Tis, they’re coming.
Floating, timeless. Pure release, nonexistence/coexistence with all the universe. The final consummation: satori in a laser beam.
But duration must be. Resolution, downward to ego. To matter.
The asteroid awaited. An unlovely lumpish mass of slag, seeming to fall toward Starshine, though his line of sight ran perpendicular to its path.
He rubbed his jaw and frowned. He had a lot more to say to that alien doctor, about the evil his kind had brought the world, about his own culpability in luring that pathetic burnout Trips into wild dangers. But it would have to wait; time passed.

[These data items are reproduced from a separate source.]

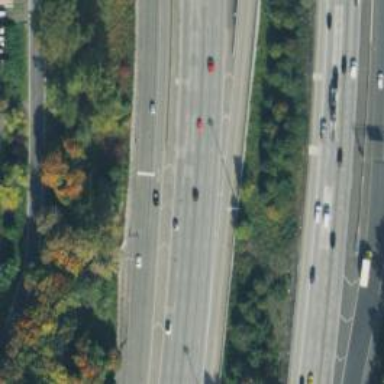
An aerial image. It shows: Asphalt motorway link.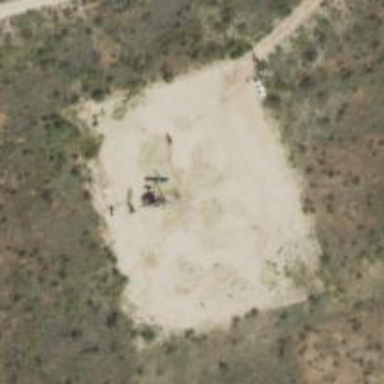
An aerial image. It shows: Petroleum well.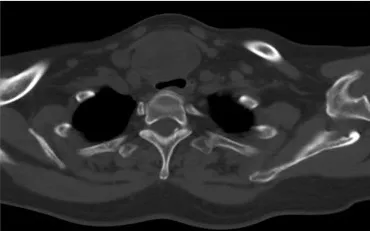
Preoperative CT scan of the patient. (A) Plain CT of the neck (horizontal plane).
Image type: radiology (ct)

He wondered how much time he had. From the memories he shared with Mark and the rest, he knew the drug lasted an hour. He hoped he could do what had to be done in that time.
He held out a hand. A beam of light leapt from it to Tezcatlipoca’s pockmarked surface, dazzling white-hot. A circle of rock raced the spectrum and boiled from the surface in a glowing jet.

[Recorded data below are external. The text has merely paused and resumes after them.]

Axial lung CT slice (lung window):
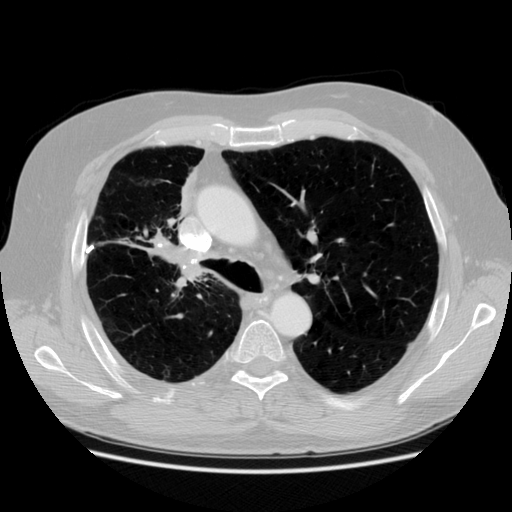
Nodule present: no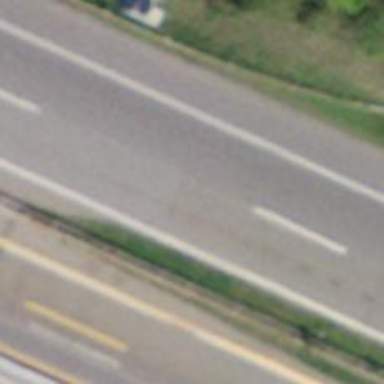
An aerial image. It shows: Asphalt motorway.
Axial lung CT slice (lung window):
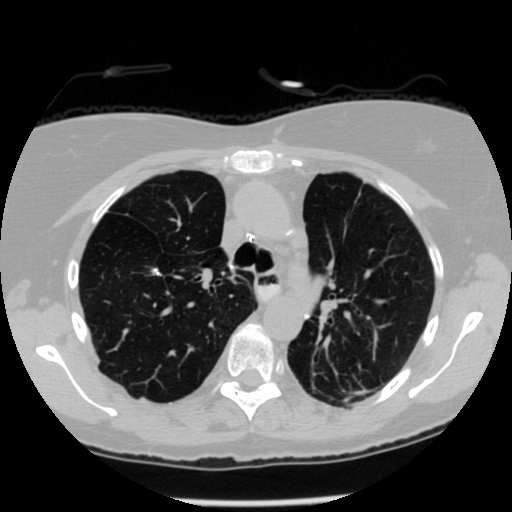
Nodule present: yes
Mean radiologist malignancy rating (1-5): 1.333

He was fabulously strong. But all his strength would not divert the evil mass. Nor did he have the power to destroy the rock. What he could do was use his sunbeam to heat a spot on its flank, so that the stuff of the asteroid flared away like a rocket exhaust at right angles to its orbit. Even now, a million miles from Earth, a tiny deflection would make all the difference.
But even the tiniest deviation in the asteroid’s course would require fantastic amounts of energy. And an unknown amount of time.
By increments Starshine increased his output. He felt alive, and huge, and full of power; he could not fail, here before the holy Sun’s naked eye, with her energy to sustain him.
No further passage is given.